Short answer: No.

Long answer: Well, not really. You can fake it, though. You can declare it outside and use using statements inside the namespace, like this:

#include <iostream>

namespace A
{
   using std::cout;
};

int main(){
 A::cout << "\nSample";
 system("PAUSE");
 return 0;
}

You cannot localize a library, because even if it had access in A, it would not have access in the standard namespace.

Also, "The other problem is that the qualified names inside the namespace would be A::std::cout, but the library would not contain names qualified with the outer namespace." thanks Jonathon Leffler.
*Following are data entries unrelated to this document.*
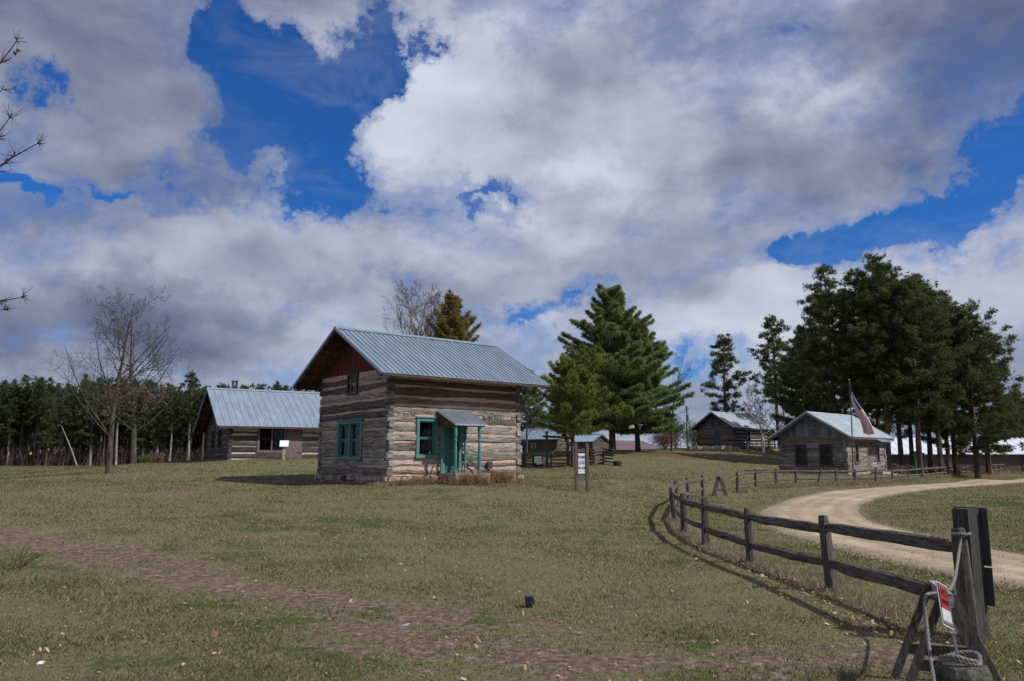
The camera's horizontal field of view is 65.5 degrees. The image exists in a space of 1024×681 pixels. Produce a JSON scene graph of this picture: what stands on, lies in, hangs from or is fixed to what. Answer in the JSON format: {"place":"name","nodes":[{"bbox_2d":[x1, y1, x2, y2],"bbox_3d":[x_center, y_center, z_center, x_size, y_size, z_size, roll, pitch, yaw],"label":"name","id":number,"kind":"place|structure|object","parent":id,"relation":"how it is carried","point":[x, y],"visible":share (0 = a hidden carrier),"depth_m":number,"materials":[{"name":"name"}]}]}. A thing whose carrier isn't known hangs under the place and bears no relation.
{"place":"outdoors","nodes":[
{"label":"outdoors","id":0,"kind":"place"},
{"bbox_2d":[0,448,1023,680],"bbox_3d":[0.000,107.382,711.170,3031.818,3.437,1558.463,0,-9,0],"label":"ground","id":1,"kind":"structure","parent":0,"point":[376,634],"depth_m":11.73,"materials":[{"name":"plant"}]},
{"bbox_2d":[0,379,10,445],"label":"pine tree","id":2,"kind":"object","parent":1,"relation":"on","point":[3,389],"visible":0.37,"depth_m":121.56,"materials":[{"name":"green plant"}]},
{"bbox_2d":[0,379,28,464],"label":"pine tree","id":3,"kind":"object","parent":1,"relation":"on","point":[11,417],"visible":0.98,"depth_m":119.09,"materials":[{"name":"green plant"}]},
{"bbox_2d":[0,386,28,464],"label":"pine tree","id":4,"kind":"object","parent":1,"relation":"on","point":[15,439],"visible":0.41,"depth_m":120.33,"materials":[{"name":"green plant"}]},
{"bbox_2d":[12,374,33,465],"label":"pine tree","id":5,"kind":"object","parent":1,"relation":"on","point":[26,389],"visible":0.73,"depth_m":119.81,"materials":[{"name":"green plant"}]},
{"bbox_2d":[0,30,46,310],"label":"bare tree","id":6,"kind":"object","parent":1,"relation":"on","point":[7,159],"visible":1,"depth_m":12.79,"materials":[{"name":"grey plant"}]},
{"bbox_2d":[18,390,36,465],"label":"pine tree","id":7,"kind":"object","parent":1,"relation":"on","point":[28,430],"visible":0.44,"depth_m":120.30,"materials":[{"name":"green plant"}]},
{"bbox_2d":[22,375,52,465],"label":"pine tree","id":8,"kind":"object","parent":1,"relation":"on","point":[40,390],"visible":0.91,"depth_m":118.68,"materials":[{"name":"green plant"}]},
{"bbox_2d":[25,395,54,465],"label":"pine tree","id":9,"kind":"object","parent":1,"relation":"on","point":[39,439],"visible":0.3,"depth_m":120.09,"materials":[{"name":"green plant"}]},
{"bbox_2d":[34,376,58,464],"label":"pine tree","id":10,"kind":"object","parent":1,"relation":"on","point":[51,389],"visible":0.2,"depth_m":128.67,"materials":[{"name":"green plant"}]},
{"bbox_2d":[36,394,60,465],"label":"pine tree","id":11,"kind":"object","parent":1,"relation":"on","point":[50,412],"visible":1,"depth_m":117.15,"materials":[{"name":"green plant"}]},
{"bbox_2d":[49,388,67,465],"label":"pine tree","id":12,"kind":"object","parent":1,"relation":"on","point":[58,444],"visible":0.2,"depth_m":125.25,"materials":[{"name":"green plant"}]},
{"bbox_2d":[52,389,72,465],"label":"pine tree","id":13,"kind":"object","parent":1,"relation":"on","point":[59,406],"visible":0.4,"depth_m":122.08,"materials":[{"name":"green plant"}]},
{"bbox_2d":[59,386,81,465],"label":"pine tree","id":14,"kind":"object","parent":1,"relation":"on","point":[66,406],"visible":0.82,"depth_m":118.74,"materials":[{"name":"green plant"}]},
{"bbox_2d":[62,404,85,465],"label":"pine tree","id":15,"kind":"object","parent":1,"relation":"on","point":[73,441],"visible":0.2,"depth_m":121.02,"materials":[{"name":"green plant"}]},
{"bbox_2d":[66,373,99,465],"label":"pine tree","id":16,"kind":"object","parent":1,"relation":"on","point":[78,417],"visible":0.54,"depth_m":118.50,"materials":[{"name":"green plant"}]},
{"bbox_2d":[77,381,106,465],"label":"pine tree","id":17,"kind":"object","parent":1,"relation":"on","point":[97,432],"visible":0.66,"depth_m":117.64,"materials":[{"name":"green plant"}]},
{"bbox_2d":[0,443,205,465],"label":"underbrush","id":18,"kind":"object","parent":1,"relation":"on","point":[52,460],"visible":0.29,"depth_m":120.44,"materials":[{"name":"plant"}]},
{"bbox_2d":[91,393,117,464],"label":"pine tree","id":19,"kind":"object","parent":1,"relation":"on","point":[105,424],"visible":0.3,"depth_m":117.66,"materials":[{"name":"green plant"}]},
{"bbox_2d":[41,285,185,473],"bbox_3d":[-19.942,1.860,39.381,6.346,9.442,5.379,1,-9,-5],"label":"bare tree","id":20,"kind":"object","parent":1,"relation":"on","point":[109,455],"visible":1,"depth_m":39.67,"materials":[{"name":"grey plant"}]},
{"bbox_2d":[104,376,130,464],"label":"pine tree","id":21,"kind":"object","parent":1,"relation":"on","point":[121,417],"visible":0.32,"depth_m":117.02,"materials":[{"name":"green plant"}]},
{"bbox_2d":[73,290,199,463],"bbox_3d":[-27.655,2.647,58.299,8.675,12.772,7.536,6,-11,-36],"label":"bare tree","id":22,"kind":"object","parent":1,"relation":"on","point":[134,430],"visible":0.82,"depth_m":57.56,"materials":[{"name":"grey plant"}]},
{"bbox_2d":[136,396,155,454],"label":"pine tree","id":23,"kind":"object","parent":1,"relation":"on","point":[142,432],"visible":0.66,"depth_m":118.12,"materials":[{"name":"green plant"}]},
{"bbox_2d":[137,379,159,456],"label":"pine tree","id":24,"kind":"object","parent":1,"relation":"on","point":[151,382],"visible":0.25,"depth_m":121.12,"materials":[{"name":"green plant"}]},
{"bbox_2d":[143,384,173,453],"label":"pine tree","id":25,"kind":"object","parent":1,"relation":"on","point":[159,418],"visible":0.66,"depth_m":118.20,"materials":[{"name":"green plant"}]},
{"bbox_2d":[156,383,180,461],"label":"pine tree","id":26,"kind":"object","parent":1,"relation":"on","point":[165,439],"visible":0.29,"depth_m":121.37,"materials":[{"name":"green plant"}]},
{"bbox_2d":[161,391,183,461],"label":"pine tree","id":27,"kind":"object","parent":1,"relation":"on","point":[172,418],"visible":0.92,"depth_m":117.59,"materials":[{"name":"green plant"}]},
{"bbox_2d":[168,391,187,460],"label":"pine tree","id":28,"kind":"object","parent":1,"relation":"on","point":[182,441],"visible":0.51,"depth_m":121.60,"materials":[{"name":"green plant"}]},
{"bbox_2d":[176,371,203,460],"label":"pine tree","id":29,"kind":"object","parent":1,"relation":"on","point":[192,399],"visible":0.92,"depth_m":117.89,"materials":[{"name":"green plant"}]},
{"bbox_2d":[182,402,199,458],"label":"pine tree","id":30,"kind":"object","parent":1,"relation":"on","point":[185,429],"visible":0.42,"depth_m":121.45,"materials":[{"name":"green plant"}]},
{"bbox_2d":[193,380,321,460],"bbox_3d":[-16.094,5.921,56.685,10.942,5.830,9.694,5,-10,-30],"label":"log cabin","id":31,"kind":"object","parent":1,"relation":"on","point":[236,423],"visible":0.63,"depth_m":53.17,"materials":[{"name":"pale grey metal"},{"name":"weathered wood logs"}]},
{"bbox_2d":[257,428,286,451],"bbox_3d":[-15.691,6.412,51.992,1.880,1.760,0.240,5,-10,-30],"label":"window","id":32,"kind":"structure","parent":31,"relation":"in","point":[271,438],"depth_m":51.91,"materials":[{"name":"brown paint"}]},
{"bbox_2d":[286,429,302,457],"bbox_3d":[-14.388,6.692,52.644,1.042,2.160,0.090,5,-10,-30],"label":"door","id":33,"kind":"structure","parent":31,"relation":"in","point":[294,450],"depth_m":52.62,"materials":[{"name":"brown paint"}]},
{"bbox_2d":[292,326,549,484],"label":"log house","id":34,"kind":"structure","parent":1,"relation":"on","point":[398,406],"depth_m":33.02,"materials":[{"name":"weathered wood logs"},{"name":"blue grey metal"},{"name":"green painted wood"}]},
{"bbox_2d":[335,418,363,459],"bbox_3d":[-6.699,4.108,33.050,0.265,1.650,2.220,7,-11,-39],"label":"window","id":35,"kind":"structure","parent":34,"relation":"in","point":[351,422],"depth_m":33.06,"materials":[{"name":"green paint"}]},
{"bbox_2d":[346,373,358,395],"bbox_3d":[-6.626,1.833,33.323,0.240,0.890,0.900,7,-11,-39],"label":"window","id":36,"kind":"structure","parent":34,"relation":"in","point":[349,376],"depth_m":33.42,"materials":[{"name":"brown paint"}]},
{"bbox_2d":[415,416,437,457],"bbox_3d":[-3.432,3.875,31.810,1.090,1.640,0.265,7,-11,-39],"label":"window","id":37,"kind":"structure","parent":34,"relation":"in","point":[434,420],"depth_m":31.88,"materials":[{"name":"green paint"}]},
{"bbox_2d":[445,428,457,471],"bbox_3d":[-2.494,4.474,32.526,0.710,1.810,0.130,7,-11,-39],"label":"door","id":38,"kind":"structure","parent":34,"relation":"in","point":[449,432],"depth_m":32.51,"materials":[{"name":"green paint"}]},
{"bbox_2d":[313,479,530,485],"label":"dry grass","id":39,"kind":"structure","parent":1,"relation":"on","point":[382,483],"depth_m":31.25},
{"bbox_2d":[402,473,447,484],"bbox_3d":[-3.441,5.378,30.831,1.193,0.606,2.251,-6,-10,34],"label":"dead bush","id":40,"kind":"object","parent":1,"relation":"on","point":[423,481],"visible":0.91,"depth_m":30.90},
{"bbox_2d":[380,279,474,338],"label":"bare tree","id":41,"kind":"object","parent":1,"relation":"on","point":[411,312],"visible":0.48,"depth_m":67.49,"materials":[{"name":"plant"}]},
{"bbox_2d":[425,289,482,341],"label":"pine tree","id":42,"kind":"object","parent":1,"relation":"on","point":[451,317],"visible":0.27,"depth_m":65.14,"materials":[{"name":"green plant"}]},
{"bbox_2d":[443,470,506,485],"bbox_3d":[-1.469,5.327,31.006,3.066,0.722,1.229,7,-11,-39],"label":"dead bush","id":43,"kind":"object","parent":1,"relation":"on","point":[471,479],"visible":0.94,"depth_m":30.89,"materials":[{"name":"plant"}]},
{"bbox_2d":[477,467,526,483],"bbox_3d":[-0.619,5.549,32.772,3.453,0.909,1.247,7,-11,-39],"label":"dead bush","id":44,"kind":"object","parent":1,"relation":"on","point":[509,478],"visible":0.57,"depth_m":32.90,"materials":[{"name":"plant"}]},
{"bbox_2d":[0,465,1022,680],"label":"fallen leaves","id":45,"kind":"object","parent":1,"relation":"on","point":[360,658],"visible":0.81,"depth_m":9.27,"materials":[{"name":"plant"}]},
{"bbox_2d":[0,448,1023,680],"bbox_3d":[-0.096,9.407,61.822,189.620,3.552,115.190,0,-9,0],"label":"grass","id":46,"kind":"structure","parent":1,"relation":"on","point":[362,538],"depth_m":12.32,"materials":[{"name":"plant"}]},
{"bbox_2d":[4,381,1022,457],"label":"woods","id":47,"kind":"object","parent":1,"relation":"on","point":[219,386],"visible":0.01,"depth_m":165.25,"materials":[{"name":"plant"}]},
{"bbox_2d":[521,386,543,451],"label":"bare tree","id":48,"kind":"object","parent":1,"relation":"on","point":[527,431],"visible":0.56,"depth_m":83.30,"materials":[{"name":"grey plant"}]},
{"bbox_2d":[520,453,545,465],"bbox_3d":[1.312,9.288,61.807,3.020,1.031,1.436,0,-9,0],"label":"stacked rail fence","id":49,"kind":"object","parent":1,"relation":"on","point":[532,461],"visible":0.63,"depth_m":61.85,"materials":[{"name":"brown wood"}]},
{"bbox_2d":[519,368,553,445],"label":"pine tree","id":50,"kind":"object","parent":1,"relation":"on","point":[536,409],"visible":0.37,"depth_m":102.87,"materials":[{"name":"green plant"}]},
{"bbox_2d":[520,428,569,452],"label":"log cabin","id":51,"kind":"object","parent":1,"relation":"on","point":[536,441],"visible":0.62,"depth_m":93.73,"materials":[{"name":"wood"}]},
{"bbox_2d":[542,431,570,466],"bbox_3d":[3.544,8.393,60.964,2.490,2.953,0.273,1,-9,-5],"label":"gate frame","id":52,"kind":"object","parent":1,"relation":"on","point":[546,436],"visible":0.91,"depth_m":60.89,"materials":[{"name":"brown wood"}]},
{"bbox_2d":[542,375,570,447],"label":"pine tree","id":53,"kind":"object","parent":1,"relation":"on","point":[550,409],"visible":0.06,"depth_m":106.99,"materials":[{"name":"green plant"}]},
{"bbox_2d":[535,345,625,466],"bbox_3d":[5.113,5.006,59.924,7.055,9.686,7.372,0,-9,0],"label":"scots pine","id":54,"kind":"object","parent":1,"relation":"on","point":[573,381],"visible":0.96,"depth_m":59.24,"materials":[{"name":"green plant"}]},
{"bbox_2d":[574,443,588,492],"bbox_3d":[2.675,4.917,30.547,0.555,1.972,0.110,2,-9,-12],"label":"village sign","id":55,"kind":"object","parent":1,"relation":"on","point":[581,463],"visible":1,"depth_m":30.54,"materials":[{"name":"brown paint"}]},
{"bbox_2d":[569,433,608,450],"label":"shed","id":56,"kind":"structure","parent":1,"relation":"on","point":[597,441],"depth_m":90.30,"materials":[{"name":"wood"}]},
{"bbox_2d":[566,448,613,465],"bbox_3d":[5.941,8.952,61.350,3.612,1.370,1.691,0,-9,0],"label":"stacked rail fence","id":57,"kind":"object","parent":1,"relation":"on","point":[593,457],"visible":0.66,"depth_m":61.01,"materials":[{"name":"brown wood"}]},
{"bbox_2d":[549,283,671,452],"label":"white pine","id":58,"kind":"object","parent":1,"relation":"on","point":[616,324],"visible":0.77,"depth_m":68.58,"materials":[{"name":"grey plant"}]},
{"bbox_2d":[616,440,662,449],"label":"building","id":59,"kind":"structure","parent":1,"relation":"on","point":[624,445],"depth_m":118.58,"materials":[{"name":"brown metal"}]},
{"bbox_2d":[593,317,694,450],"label":"white pine","id":60,"kind":"object","parent":1,"relation":"on","point":[659,422],"visible":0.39,"depth_m":71.36,"materials":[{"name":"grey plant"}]},
{"bbox_2d":[649,432,683,449],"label":"shrub","id":61,"kind":"object","parent":1,"relation":"on","point":[664,442],"visible":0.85,"depth_m":89.09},
{"bbox_2d":[665,352,694,450],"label":"bare tree","id":62,"kind":"object","parent":1,"relation":"on","point":[671,445],"visible":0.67,"depth_m":81.14,"materials":[{"name":"grey plant"}]},
{"bbox_2d":[665,417,694,448],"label":"shrub","id":63,"kind":"object","parent":1,"relation":"on","point":[678,434],"visible":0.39,"depth_m":96.99,"materials":[{"name":"grey plant"}]},
{"bbox_2d":[712,476,727,495],"bbox_3d":[9.575,6.734,36.708,0.682,0.952,0.450,1,-9,-5],"label":"sawhorse","id":64,"kind":"object","parent":1,"relation":"on","point":[716,484],"visible":0.89,"depth_m":36.59,"materials":[{"name":"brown wood"}]},
{"bbox_2d":[700,333,753,412],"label":"red pine","id":65,"kind":"object","parent":1,"relation":"on","point":[727,357],"visible":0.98,"depth_m":99.71,"materials":[{"name":"green plant"}]},
{"bbox_2d":[690,411,775,446],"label":"log cabin","id":66,"kind":"object","parent":1,"relation":"on","point":[714,428],"visible":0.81,"depth_m":93.68,"materials":[{"name":"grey wood"}]},
{"bbox_2d":[736,383,784,452],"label":"birch tree","id":67,"kind":"object","parent":1,"relation":"on","point":[758,417],"visible":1,"depth_m":79.90,"materials":[{"name":"white plant"}]},
{"bbox_2d":[746,314,791,447],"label":"red pine","id":68,"kind":"object","parent":1,"relation":"on","point":[768,324],"visible":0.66,"depth_m":96.62,"materials":[{"name":"green plant"}]},
{"bbox_2d":[764,375,797,429],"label":"bare tree","id":69,"kind":"object","parent":1,"relation":"on","point":[784,420],"visible":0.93,"depth_m":86.31,"materials":[{"name":"grey plant"}]},
{"bbox_2d":[762,330,838,423],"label":"white pine","id":70,"kind":"object","parent":1,"relation":"on","point":[795,411],"visible":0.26,"depth_m":87.41,"materials":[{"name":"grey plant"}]},
{"bbox_2d":[672,525,949,645],"bbox_3d":[4.217,4.147,15.826,1.638,0.156,17.059,-1,-9,4],"label":"leaf drift","id":71,"kind":"object","parent":1,"relation":"on","point":[872,620],"visible":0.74,"depth_m":9.39,"materials":[{"name":"brown plant"}]},
{"bbox_2d":[780,292,846,413],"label":"red pine","id":72,"kind":"object","parent":1,"relation":"on","point":[788,370],"visible":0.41,"depth_m":79.75,"materials":[{"name":"green plant"}]},
{"bbox_2d":[782,264,860,413],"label":"red pine","id":73,"kind":"object","parent":1,"relation":"on","point":[826,295],"visible":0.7,"depth_m":72.72,"materials":[{"name":"green plant"}]},
{"bbox_2d":[669,475,980,644],"bbox_3d":[5.557,4.635,22.057,2.242,1.313,28.692,-1,-9,8],"label":"rail fence","id":74,"kind":"object","parent":1,"relation":"on","point":[832,566],"visible":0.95,"depth_m":11.09,"materials":[{"name":"brown wood"}]},
{"bbox_2d":[949,531,962,590],"bbox_3d":[4.046,1.991,7.261,0.048,0.370,1.622,-5,-10,32],"label":"rope","id":75,"kind":"object","parent":74,"relation":"hanging from","point":[952,584],"visible":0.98,"depth_m":7.35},
{"bbox_2d":[660,495,999,648],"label":"dry grass","id":76,"kind":"structure","parent":1,"relation":"on","point":[696,539],"depth_m":12.14,"materials":[{"name":"plant"}]},
{"bbox_2d":[768,411,896,474],"bbox_3d":[23.391,7.575,57.210,7.442,4.715,6.728,8,-12,-43],"label":"log cabin","id":77,"kind":"object","parent":1,"relation":"on","point":[810,440],"visible":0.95,"depth_m":55.55,"materials":[{"name":"smooth grey metal"},{"name":"weathered wood logs"},{"name":"grey wood siding"}]},
{"bbox_2d":[794,444,807,465],"bbox_3d":[20.290,8.028,55.803,0.240,1.500,0.940,8,-12,-43],"label":"window","id":78,"kind":"structure","parent":77,"relation":"in","point":[796,446],"depth_m":55.84,"materials":[{"name":"brown paint"}]},
{"bbox_2d":[818,444,833,465],"bbox_3d":[21.521,7.835,54.521,0.240,1.500,1.000,8,-12,-43],"label":"window","id":79,"kind":"structure","parent":77,"relation":"in","point":[819,445],"depth_m":54.58,"materials":[{"name":"brown paint"}]},
{"bbox_2d":[805,297,872,417],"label":"red pine","id":80,"kind":"object","parent":1,"relation":"on","point":[844,409],"visible":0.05,"depth_m":83.19,"materials":[{"name":"green plant"}]},
{"bbox_2d":[848,379,853,476],"bbox_3d":[22.043,5.689,51.721,0.248,6.405,0.118,0,-9,0],"label":"flagpole","id":81,"kind":"object","parent":1,"relation":"on","point":[852,433],"visible":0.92,"depth_m":51.65,"materials":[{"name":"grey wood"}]},
{"bbox_2d":[851,391,874,434],"bbox_3d":[22.870,4.705,51.862,1.311,2.889,0.639,-4,-10,26],"label":"flag","id":82,"kind":"object","parent":81,"relation":"attached to","point":[867,427],"visible":1,"depth_m":51.70,"materials":[{"name":"multicoloured fabric"}]},
{"bbox_2d":[817,266,898,411],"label":"red pine","id":83,"kind":"object","parent":1,"relation":"on","point":[845,312],"visible":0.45,"depth_m":69.22,"materials":[{"name":"green plant"}]},
{"bbox_2d":[736,463,1004,492],"bbox_3d":[33.176,10.273,61.713,3.118,1.432,65.136,-7,-11,41],"label":"rail fence","id":84,"kind":"object","parent":1,"relation":"on","point":[818,479],"visible":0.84,"depth_m":44.76,"materials":[{"name":"brown wood"}]},
{"bbox_2d":[837,308,904,433],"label":"red pine","id":85,"kind":"object","parent":1,"relation":"on","point":[879,425],"visible":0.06,"depth_m":82.62,"materials":[{"name":"green plant"}]},
{"bbox_2d":[817,252,933,467],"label":"red pine","id":86,"kind":"object","parent":1,"relation":"on","point":[872,287],"visible":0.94,"depth_m":66.71,"materials":[{"name":"green plant"}]},
{"bbox_2d":[847,260,935,466],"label":"red pine","id":87,"kind":"object","parent":1,"relation":"on","point":[878,413],"visible":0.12,"depth_m":69.66,"materials":[{"name":"green plant"}]},
{"bbox_2d":[888,303,925,465],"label":"red pine","id":88,"kind":"object","parent":1,"relation":"on","point":[908,432],"visible":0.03,"depth_m":85.08,"materials":[{"name":"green plant"}]},
{"bbox_2d":[860,270,957,473],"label":"red pine","id":89,"kind":"object","parent":1,"relation":"on","point":[910,302],"visible":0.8,"depth_m":65.62,"materials":[{"name":"green plant"}]},
{"bbox_2d":[866,280,981,474],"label":"red pine","id":90,"kind":"object","parent":1,"relation":"on","point":[946,426],"visible":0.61,"depth_m":66.42,"materials":[{"name":"green plant"}]},
{"bbox_2d":[889,272,974,472],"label":"red pine","id":91,"kind":"object","parent":1,"relation":"on","point":[930,453],"visible":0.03,"depth_m":72.24,"materials":[{"name":"green plant"}]},
{"bbox_2d":[908,319,981,468],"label":"red pine","id":92,"kind":"object","parent":1,"relation":"on","point":[947,452],"depth_m":83.04,"materials":[{"name":"green plant"}]},
{"bbox_2d":[890,580,1001,680],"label":"sawhorse","id":93,"kind":"object","parent":1,"relation":"on","point":[966,630],"visible":0.65,"depth_m":6.12,"materials":[{"name":"brown wood"}]},
{"bbox_2d":[923,588,950,680],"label":"rope","id":94,"kind":"object","parent":93,"relation":"on","point":[926,626],"visible":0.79,"depth_m":5.84,"materials":[{"name":"fabric"}]},
{"bbox_2d":[935,580,954,630],"bbox_3d":[3.237,1.979,5.950,0.184,0.323,0.012,30,-38,-31],"label":"warning sign","id":95,"kind":"object","parent":93,"relation":"attached to","point":[944,606],"visible":1,"depth_m":5.94,"materials":[{"name":"red plastic"}]},
{"bbox_2d":[911,288,999,475],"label":"red pine","id":96,"kind":"object","parent":1,"relation":"on","point":[966,431],"visible":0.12,"depth_m":70.35,"materials":[{"name":"green plant"}]},
{"bbox_2d":[891,437,1023,471],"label":"long barn","id":97,"kind":"structure","parent":1,"relation":"on","point":[1014,461],"depth_m":98.33,"materials":[{"name":"white metal"}]},
{"bbox_2d":[958,455,973,469],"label":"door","id":98,"kind":"structure","parent":97,"relation":"in","point":[969,461],"depth_m":98.26,"materials":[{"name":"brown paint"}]},
{"bbox_2d":[934,631,992,680],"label":"tree stump","id":99,"kind":"object","parent":1,"relation":"on","point":[950,671],"visible":0.82,"depth_m":5.52,"materials":[{"name":"grey wood"}]},
{"bbox_2d":[938,650,982,666],"bbox_3d":[3.178,2.249,5.628,0.304,0.090,0.215,0,-9,0],"label":"rope","id":100,"kind":"object","parent":99,"relation":"on","point":[964,656],"visible":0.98,"depth_m":5.59,"materials":[{"name":"fabric"}]},
{"bbox_2d":[923,297,1023,478],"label":"red pine","id":101,"kind":"object","parent":1,"relation":"on","point":[979,355],"visible":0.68,"depth_m":67.70,"materials":[{"name":"green plant"}]},
{"bbox_2d":[952,506,995,641],"bbox_3d":[4.725,2.494,8.207,0.222,1.517,0.360,5,-10,-28],"label":"sign post","id":102,"kind":"object","parent":1,"relation":"on","point":[973,521],"visible":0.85,"depth_m":8.15,"materials":[{"name":"weathered wood"}]},
{"bbox_2d":[948,323,1023,474],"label":"red pine","id":103,"kind":"object","parent":1,"relation":"on","point":[989,469],"visible":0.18,"depth_m":74.03,"materials":[{"name":"green plant"}]},
{"bbox_2d":[0,0,1023,457],"label":"sky","id":104,"kind":"structure","parent":0,"point":[273,167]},
{"bbox_2d":[687,446,777,450],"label":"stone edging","id":105,"kind":"object","parent":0,"point":[733,447],"visible":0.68,"depth_m":86.32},
{"bbox_2d":[728,470,1011,493],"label":"dry grass","id":106,"kind":"structure","parent":0,"point":[752,489],"depth_m":44.67,"materials":[{"name":"plant"}]},
{"bbox_2d":[755,478,1023,590],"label":"road","id":107,"kind":"structure","parent":0,"point":[812,507],"depth_m":22.93,"materials":[{"name":"gravel"}]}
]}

If the problem is that you don't want to let other people know what all your code can do, you could have your own cpp file to include iostream in, and have the namespace defined there. Then you just include that in main (or whatever) and let the programmer know what he can and cannot do.

You could write:

#include <vector> // for additional sample
#include <iostream>
namespace A
{
  namespace std = std; // that's ok according to Standard C++ 7.3.2/3
};

// the following code works
int main(){
 A::std::cout << "\nSample"; // works fine !!!
 A::std::vector<int> ints;
 sort( ints.begin(), ints.end() );  // works also because of Koenig lookup

 std::cout << "\nSample";  // but this one works also
 return 0;
}

Thit approach is called namespace aliasing. Real purpose for that feature showed in the following sample:

namespace Company_with_very_long_name { /* ... */ }
namespace CWVLN = Company_with_very_long_name;

// another sample from real life
namespace fs = boost::filesystem;
void f()
{
  fs::create_directory( "foobar" );   // use alias for long namespace name
}